South Africa/ The shadow of violence lengthens. Unrest among Coloreds adds to Pretoria's woes

Just over a week after the government banned a mass protest march in Cape Town, the city is still counting the human and political costs of the civil violence. So far nearly 30 people have died, most from gunshot wounds following police action.

On the political front, the violence represents the most serious involvement of the Colored (persons of mixed-race descent) community in unrest that has involved mainly blacks. This suggests that:

Pretoria's attempt to gain support from the Coloreds by granting them representation in Parliament last year has been at best marginally successful.

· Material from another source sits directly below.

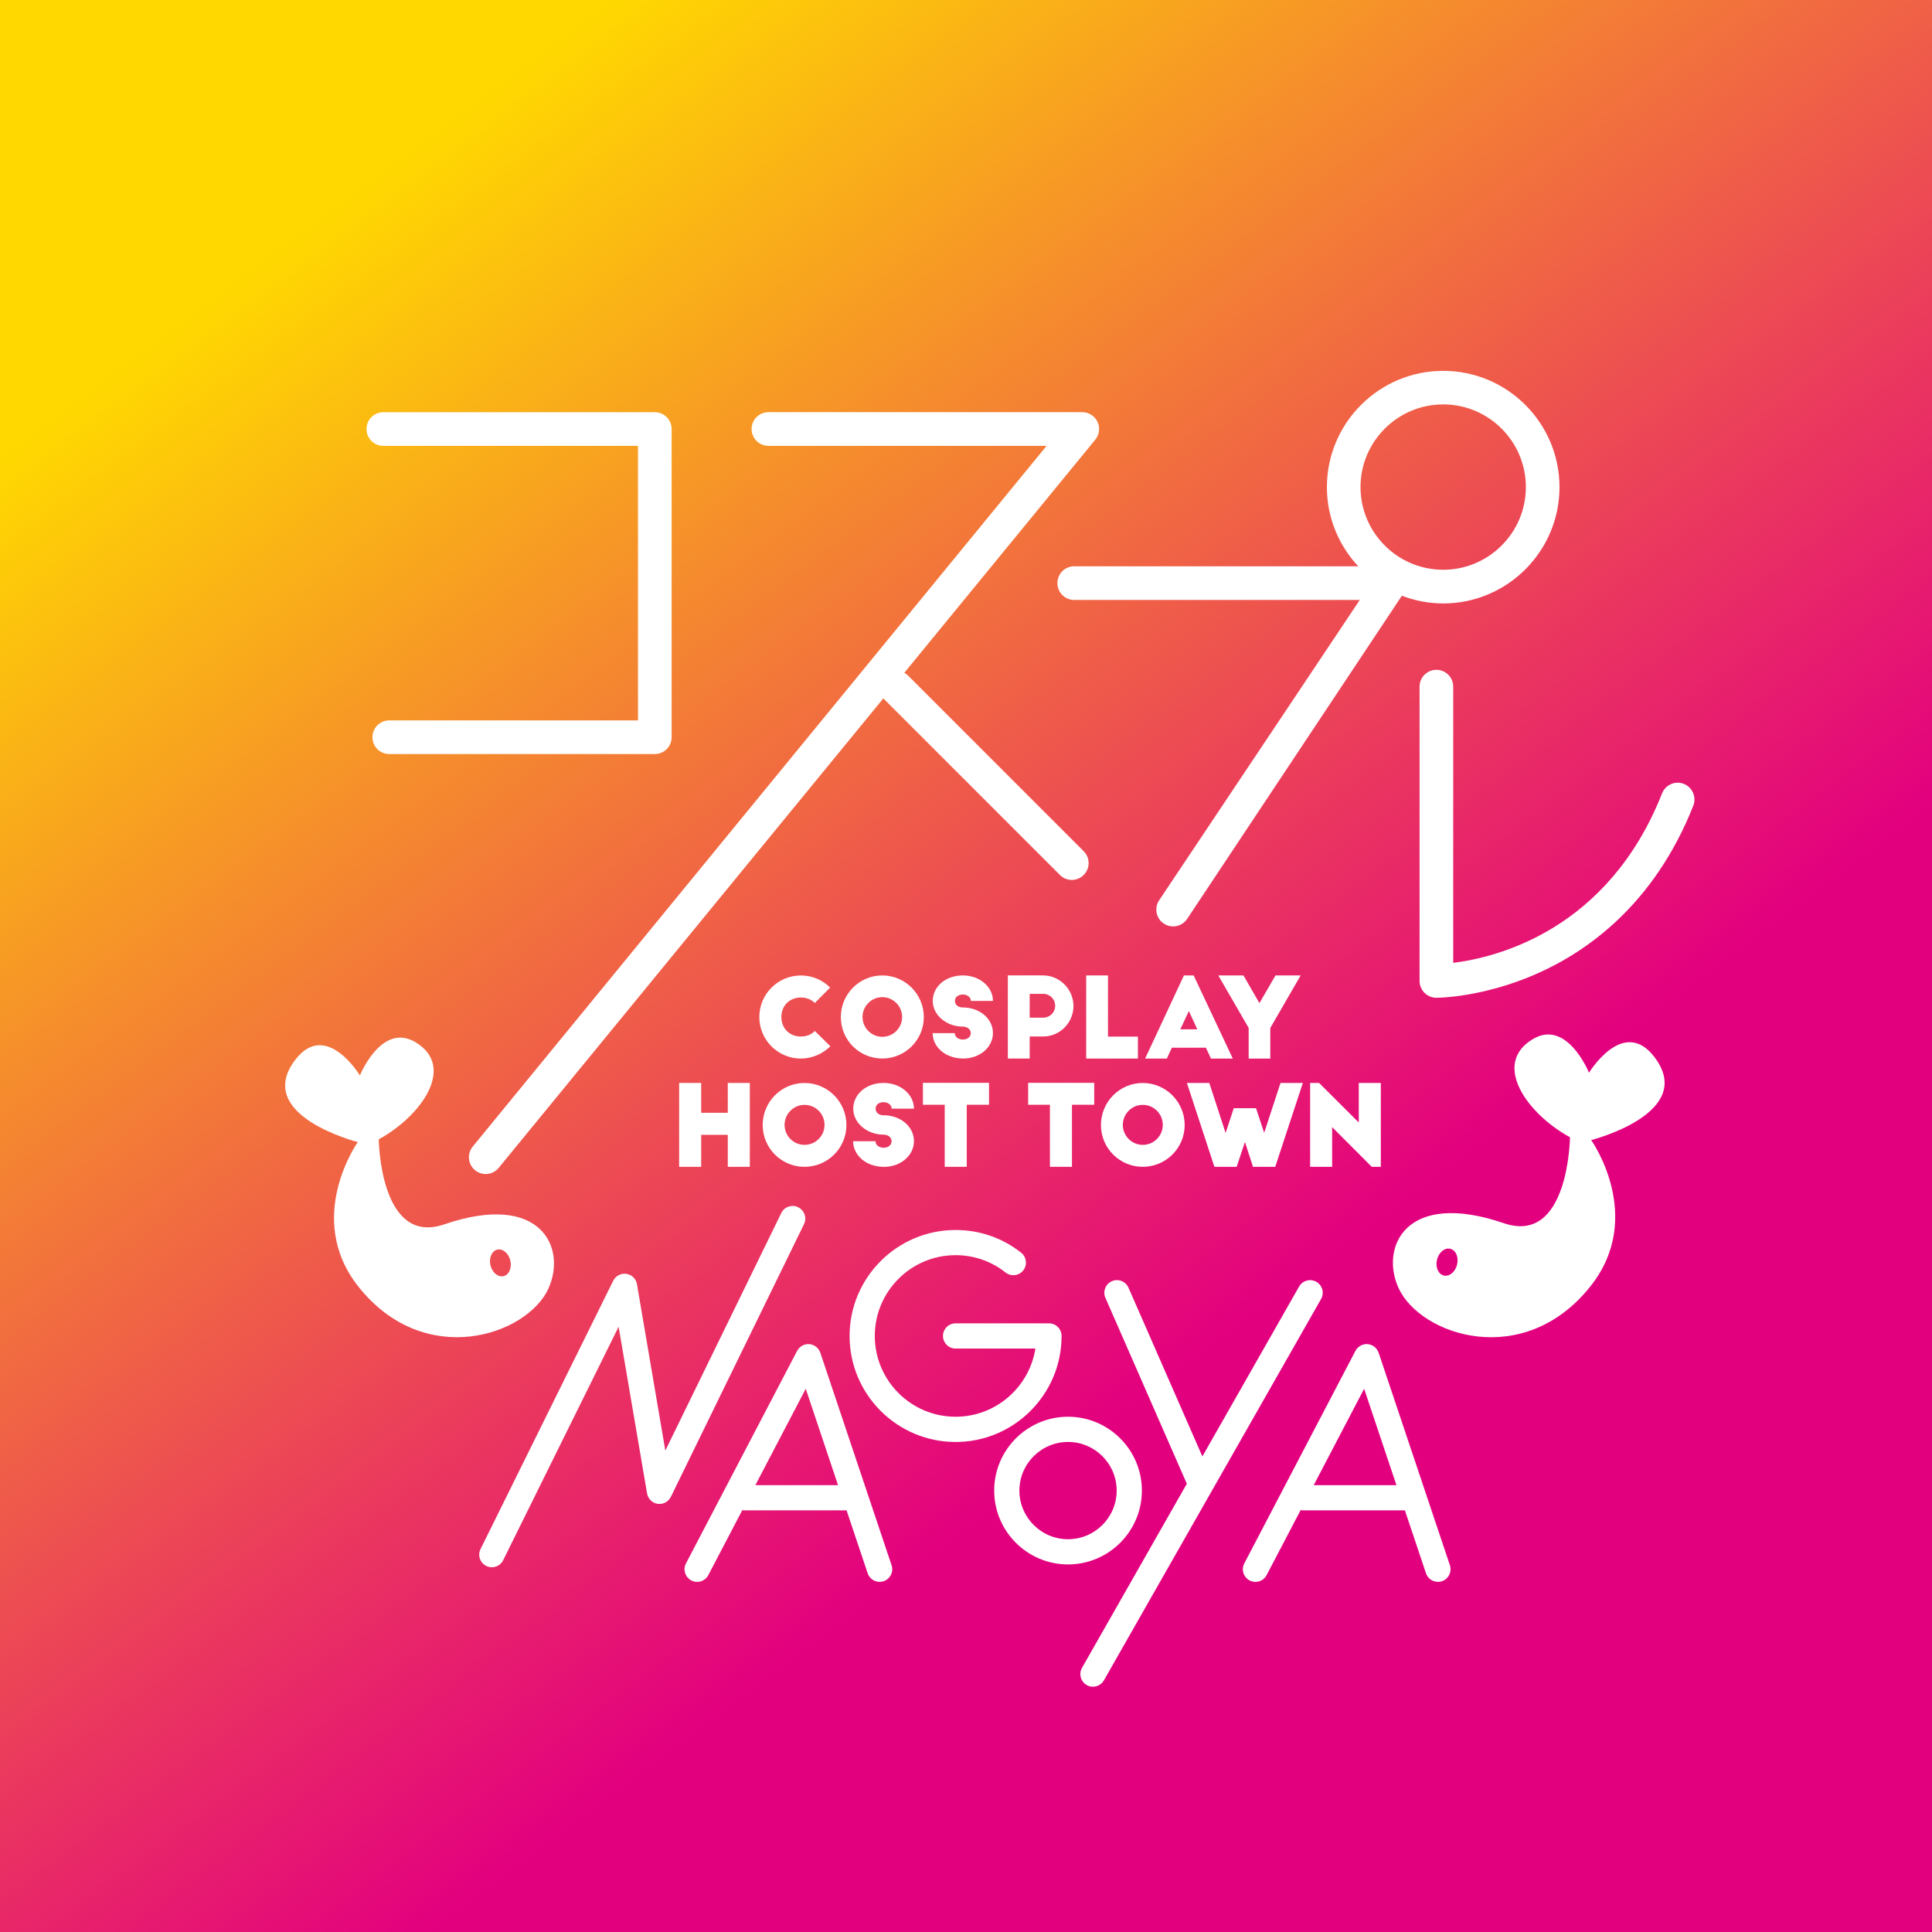 <?xml version="1.0" encoding="UTF-8"?><svg id="_レイヤー_1" xmlns="http://www.w3.org/2000/svg" xmlns:xlink="http://www.w3.org/1999/xlink" viewBox="0 0 512 512"><defs><style>.cls-1{filter:url(#drop-shadow-1);}.cls-2{fill:#fff;}.cls-3{fill:url(#_名称未設定グラデーション_59);}</style><linearGradient id="_名称未設定グラデーション_59" x1="99.17" y1="46.89" x2="327.69" y2="351.59" gradientUnits="userSpaceOnUse"><stop offset="0" stop-color="#ffd800"/><stop offset="1" stop-color="#e3007f"/></linearGradient><filter id="drop-shadow-1" x="56.06" y="78.38" width="413" height="388" filterUnits="userSpaceOnUse"><feOffset dx="6.31" dy="6.31"/><feGaussianBlur result="blur" stdDeviation="6.31"/><feFlood flood-color="#c4388d" flood-opacity=".8"/><feComposite in2="blur" operator="in"/><feComposite in="SourceGraphic"/></filter></defs><rect class="cls-3" width="512" height="512"/><g class="cls-1"><path class="cls-2" d="M414.79,277.97s-5.81-14.37-14.93-8.88c-10.89,6.56-1.48,19.78,9.89,25.98,0,0-.28,28.68-17.53,22.78-25.98-8.89-32.83,6.33-27.92,17.14,5.73,12.62,33.17,21.86,50.87-.41,14.66-18.44.2-38.76.2-38.76,0,0,28.08-7.11,16.77-21.99-8.26-10.86-17.34,4.14-17.34,4.14ZM379.83,328.81c-.47,1.96-2.04,3.26-3.51,2.91-1.47-.35-2.28-2.22-1.81-4.18.47-1.96,2.04-3.26,3.51-2.91,1.47.35,2.28,2.22,1.81,4.18Z"/><path class="cls-2" d="M139.04,335.13c4.86-10.7-1.92-25.76-27.63-16.97-17.07,5.84-17.35-22.54-17.35-22.54,11.25-6.13,20.56-19.22,9.78-25.71-9.02-5.44-14.77,8.78-14.77,8.78,0,0-8.99-14.85-17.16-4.1-11.19,14.73,16.6,21.76,16.6,21.76,0,0-14.31,20.11.2,38.36,17.52,22.04,44.68,12.9,50.35.41ZM127.14,331.88c-1.45.35-3.01-.94-3.47-2.88-.46-1.94.34-3.79,1.79-4.14,1.45-.35,3.01.94,3.47,2.88.46,1.94-.34,3.79-1.79,4.14Z"/><path class="cls-2" d="M95.28,111.84h67.48v72.76h-65.91c-2.46,0-4.46,1.99-4.46,4.46s1.99,4.46,4.46,4.46h70.37c2.46,0,4.46-1.99,4.46-4.46v-81.67c0-2.46-1.99-4.46-4.46-4.46h-71.94c-2.46,0-4.46,1.99-4.46,4.46s1.99,4.46,4.46,4.46Z"/><path class="cls-2" d="M197.34,111.84h73.71l-152.07,185.69c-1.57,1.9-1.3,4.71.59,6.27.83.69,1.84,1.02,2.84,1.02,1.28,0,2.55-.55,3.43-1.62l101.96-124.45c.07.08.13.17.21.25l46.57,46.57c.87.87,2.01,1.31,3.15,1.31s2.28-.44,3.15-1.31c1.74-1.74,1.74-4.56,0-6.3l-46.57-46.57c-.29-.29-.62-.52-.97-.71l50.6-61.77c1.1-1.33,1.33-3.18.6-4.74-.74-1.56-2.3-2.56-4.03-2.56h-83.18c-2.46,0-4.46,1.99-4.46,4.46s1.99,4.46,4.46,4.46Z"/><path class="cls-2" d="M278.37,143.76c-2.46,0-4.46,1.99-4.46,4.46s1.99,4.46,4.46,4.46h75.68l-53.25,79.71c-1.3,2.09-.66,4.84,1.43,6.14.73.45,1.54.67,2.35.67,1.49,0,2.95-.75,3.79-2.11l56.83-85.53c3.41,1.3,7.09,2.05,10.95,2.05,16.99,0,30.82-13.83,30.82-30.82s-13.83-30.82-30.82-30.82-30.82,13.83-30.82,30.82c0,8.11,3.17,15.48,8.31,20.98h-75.27ZM376.15,100.86c12.08,0,21.91,9.83,21.91,21.91s-9.83,21.91-21.91,21.91-21.91-9.83-21.91-21.91,9.83-21.91,21.91-21.91Z"/><path class="cls-2" d="M439.94,201.43c-2.29-.91-4.88.22-5.78,2.5-14.39,36.42-44.05,43.53-55.35,44.93v-73.2c0-2.46-1.99-4.46-4.46-4.46s-4.46,1.99-4.46,4.46v77.99c0,2.46,1.99,4.45,4.45,4.46h0c.54,0,12.37-.08,26.64-6.38,13.18-5.82,31.07-18.26,41.45-44.52.9-2.29-.22-4.88-2.5-5.78Z"/><polygon class="cls-2" points="192.4 302.91 192.4 280.68 186.56 280.68 186.56 288.59 179.51 288.59 179.51 280.68 173.67 280.68 173.67 302.91 179.51 302.91 179.51 294.43 186.56 294.43 186.56 302.91 192.4 302.91"/><path class="cls-2" d="M206.89,302.91c6.13,0,11.11-4.95,11.11-11.08s-4.98-11.14-11.11-11.14-11.08,5.01-11.08,11.14,4.95,11.08,11.08,11.08ZM206.89,286.49c2.93,0,5.31,2.37,5.31,5.3s-2.37,5.3-5.31,5.3-5.28-2.4-5.28-5.3,2.37-5.3,5.28-5.3Z"/><path class="cls-2" d="M227.87,285.78c1.22,0,2.13.8,2.13,1.72h5.9c0-3.79-3.59-6.82-8.03-6.82-4.71,0-8.06,3.05-8.06,6.85s3.7,6.85,8,6.85c1.15,0,2.16.65,2.16,1.75,0,1.04-.92,1.72-2.1,1.72-1.3,0-2.16-.77-2.16-1.72h-5.93c0,3.62,3.32,6.79,8.18,6.79,4.44,0,7.94-3.02,7.94-6.82s-3.5-6.85-8.03-6.85c-1.27,0-2.13-.71-2.13-1.75s.86-1.72,2.13-1.72Z"/><polygon class="cls-2" points="249.89 302.91 249.89 286.46 255.79 286.46 255.79 280.65 238.27 280.65 238.27 286.46 244.05 286.46 244.05 302.91 249.89 302.91"/><polygon class="cls-2" points="277.77 302.91 277.77 286.46 283.67 286.46 283.67 280.65 266.16 280.65 266.16 286.46 271.93 286.46 271.93 302.91 277.77 302.91"/><path class="cls-2" d="M296.53,302.91c6.13,0,11.11-4.95,11.11-11.08s-4.98-11.14-11.11-11.14-11.08,5.01-11.08,11.14,4.95,11.08,11.08,11.08ZM296.53,286.49c2.93,0,5.31,2.37,5.31,5.3s-2.37,5.3-5.31,5.3-5.28-2.4-5.28-5.3,2.37-5.3,5.28-5.3Z"/><polygon class="cls-2" points="321.42 302.91 323.61 296.33 325.75 302.91 331.64 302.91 338.96 280.68 333.04 280.68 328.71 293.9 326.55 287.38 320.65 287.38 318.49 293.93 314.16 280.68 308.23 280.68 315.52 302.91 321.42 302.91"/><polygon class="cls-2" points="343.26 280.68 340.89 280.68 340.89 302.91 346.72 302.91 346.72 292.39 357.22 302.91 359.62 302.91 359.62 280.68 353.78 280.68 353.78 291.17 343.26 280.68"/><path class="cls-2" d="M205.21,313.61c-1.65-.8-3.66-.12-4.47,1.54l-30.73,62.95-7.52-44.09c-.24-1.43-1.38-2.53-2.81-2.74-1.44-.2-2.84.53-3.48,1.83l-35.16,71.1c-.82,1.65-.14,3.66,1.51,4.48.48.23.98.35,1.48.35,1.23,0,2.41-.68,3-1.86l30.6-61.88,7.54,44.18c.24,1.43,1.38,2.54,2.82,2.75,1.44.2,2.84-.54,3.48-1.84l35.29-72.27c.81-1.66.12-3.66-1.54-4.47Z"/><path class="cls-2" d="M211.07,352.17c-.43-1.27-1.57-2.16-2.9-2.27-1.34-.1-2.6.6-3.23,1.78l-29.46,56.33c-.85,1.64-.22,3.65,1.41,4.51,1.64.86,3.66.22,4.51-1.41l9.01-17.22c.19.04.39.06.6.06h27.03l5.59,16.67c.47,1.4,1.77,2.28,3.17,2.28.35,0,.71-.06,1.06-.17,1.75-.59,2.69-2.48,2.11-4.23l-18.89-56.33ZM193.87,387.27l13.35-25.54,8.56,25.54h-21.92Z"/><path class="cls-2" d="M275.02,347.73c0-1.85-1.5-3.34-3.34-3.34h-24.75c-1.85,0-3.34,1.5-3.34,3.34s1.5,3.34,3.34,3.34h21.15c-1.61,10.22-10.48,18.07-21.15,18.07-11.81,0-21.41-9.6-21.41-21.41s9.6-21.41,21.41-21.41c4.86,0,9.44,1.59,13.24,4.59,1.45,1.14,3.55.9,4.69-.55,1.14-1.45.89-3.55-.55-4.69-5-3.94-11.01-6.02-17.38-6.02-15.49,0-28.09,12.6-28.09,28.09s12.6,28.09,28.09,28.09,28.09-12.6,28.09-28.09Z"/><path class="cls-2" d="M296.3,388.71c0-10.79-8.78-19.57-19.57-19.57s-19.57,8.78-19.57,19.57,8.78,19.57,19.57,19.57,19.57-8.78,19.57-19.57ZM276.73,401.6c-7.11,0-12.89-5.78-12.89-12.89s5.78-12.89,12.89-12.89,12.89,5.78,12.89,12.89-5.78,12.89-12.89,12.89Z"/><path class="cls-2" d="M342.53,333.38c-1.6-.91-3.64-.35-4.56,1.25l-25.64,45.03-19.58-44.72c-.74-1.69-2.71-2.46-4.4-1.72-1.69.74-2.46,2.71-1.72,4.4l21.58,49.28-27.78,48.79c-.91,1.6-.35,3.64,1.25,4.56.52.3,1.09.44,1.65.44,1.16,0,2.29-.61,2.91-1.69l57.55-101.06c.91-1.6.35-3.64-1.25-4.56Z"/><path class="cls-2" d="M359.03,352.17c-.43-1.27-1.57-2.16-2.9-2.27-1.34-.1-2.6.6-3.23,1.78l-29.46,56.33c-.85,1.64-.22,3.65,1.41,4.51,1.64.86,3.66.22,4.51-1.41l9.01-17.22c.19.04.39.06.6.06h27.03l5.59,16.67c.47,1.4,1.77,2.28,3.17,2.28.35,0,.71-.06,1.06-.17,1.75-.59,2.69-2.48,2.11-4.23l-18.89-56.33ZM341.84,387.27l13.36-25.54,8.56,25.54h-21.92Z"/><path class="cls-2" d="M205.93,258.04c1.47,0,2.73.5,3.7,1.44l4.05-4.08c-2-2-4.73-3.2-7.75-3.2-6.08,0-11.01,4.93-11.01,11.01s4.93,11.01,11.01,11.01c2.85,0,5.76-1.2,7.81-3.26l-4.11-4.05c-.91.94-2.2,1.47-3.7,1.47-3,0-5.17-2.17-5.17-5.17s2.17-5.17,5.17-5.17Z"/><path class="cls-2" d="M227.5,252.19c-6.08,0-10.98,4.96-10.98,11.04s4.9,10.98,10.98,10.98,11.01-4.9,11.01-10.98-4.93-11.04-11.01-11.04ZM227.5,268.46c-2.88,0-5.23-2.38-5.23-5.26s2.35-5.26,5.23-5.26,5.26,2.35,5.26,5.26-2.35,5.26-5.26,5.26Z"/><path class="cls-2" d="M248.87,257.24c1.2,0,2.12.79,2.12,1.7h5.84c0-3.76-3.55-6.75-7.96-6.75-4.67,0-7.99,3.02-7.99,6.78s3.67,6.78,7.93,6.78c1.15,0,2.14.65,2.14,1.73,0,1.03-.91,1.7-2.09,1.7-1.29,0-2.14-.76-2.14-1.7h-5.87c0,3.58,3.29,6.73,8.11,6.73,4.4,0,7.87-3,7.87-6.75s-3.47-6.78-7.96-6.78c-1.26,0-2.11-.7-2.11-1.73s.85-1.7,2.11-1.7Z"/><path class="cls-2" d="M266.57,268.37h3.61c4.38,0,7.99-3.64,7.99-8.08s-3.64-8.11-8.11-8.11h-9.28v22.03h5.79v-5.84ZM266.57,257.07h3.58c1.76,0,3.17,1.41,3.17,3.17s-1.41,3.14-3.17,3.14h-3.58v-6.31Z"/><polygon class="cls-2" points="295.25 268.4 287.32 268.4 287.32 252.19 281.54 252.19 281.54 274.22 295.25 274.22 295.25 268.4"/><path class="cls-2" d="M314.6,274.22h5.79l-10.37-22.03h-2.58l-10.28,22.03h5.76l1.32-2.88h9.02l1.35,2.88ZM306.49,266.47l2.26-4.85,2.23,4.85h-4.49Z"/><polygon class="cls-2" points="330.33 274.22 330.33 266.11 338.38 252.19 331.71 252.19 327.45 259.53 323.22 252.19 316.55 252.19 324.6 266.11 324.6 274.22 330.33 274.22"/></g></svg>

There is a hardening of racial attitudes in the Cape Town area, where whites and Coloreds have lived on relaxed terms for generations.

Meanwhile, black and Colored unrest took a potentially serious turn this week, spreading for the first time into white areas.

Colored youths stormed a white suburb of Cape Town Wednesday night. And in another white community in the Cape Province two homes were firebombed by blacks.

In the past eight days of violence in Cape Town about 100 have been seriously injured, with many others having been beaten with whips.

More than 200 have been arrested -- and there are still daily confrontations among groups of young people and the police.

Main township roads are sometimes closed to traffic by burning barricades of tires. There continue to be reports of police brutality against young people and allegations of ``indiscriminate'' police assaults.

Conditions at schools for Colored and black pupils are reported by officials to be ``chaotic'' because of a continuing boycott of classes by most senior pupils.

Now even some government supporters are wondering if it would not have been better to have let the march take place.

Anti-apartheid activists planned to march to Pollsmoor Prison to show solidarity with imprisoned black nationalist leader Nelson Mandela. The march was squelched and its chief organizer, Allan Boesak, was detained.

The march organizers had promised that it would be peaceful -- provided police kept away.

Culturally, whites and Coloreds are close. They speak the same languages, English or Afrikaans, and belong to churches of the same denomination.

Sometimes members of families classified as Colored are able to ``pass'' as whites -- with the resultant economic and social benefits, not the least of which is the opportunity to educate their children at the better white schools. Those who pass are also able to live in the more attractive suburbs reserved for whites.

But now young Colored children are shouting insults at whites, such as ``Boer'' (meaning ``farmer'' in Afrikaans but also a slang word for ``police'') and slogans like ``kill whitey.'' It is sometimes dangerous for whites to venture near some Colored townships.

Colored members of the community who are perceived to be part of the government system are also in danger. These include Colored people who were elected to the Colored house of the new three-chamber Parliament. The new Parliament was opened up to Coloreds and Indians, but blacks were excluded.

Coloreds have had gasoline bombs thrown at their homes; their cars have been set afire. Not one has dared to intervene publicly to try to stop the violence.

Analysts here say that the one person who could probably stop the confrontation very quickly, if it suited him, is Allan Boesak.

Dr. Boesak, a leading figure in the Colored section of the Dutch Reformed Church, the main Afrikaans church to which, ironically, most members of the ruling National Party belong. Boesak is also president of the World Alliance of Reformed Churches.

Immediately after his arrest on the eve of the planned march, police flew him out of Cape Town and to a jail in Pretoria, more than 1,000 miles away. He has been held since without being allowed to communicate with anybody. As a concession, his wife Dorothy is now going to be allowed to visit.

But there are no indications yet what charges might be brought against him, or whether he will be charged at all. The government can hold him indefinitely.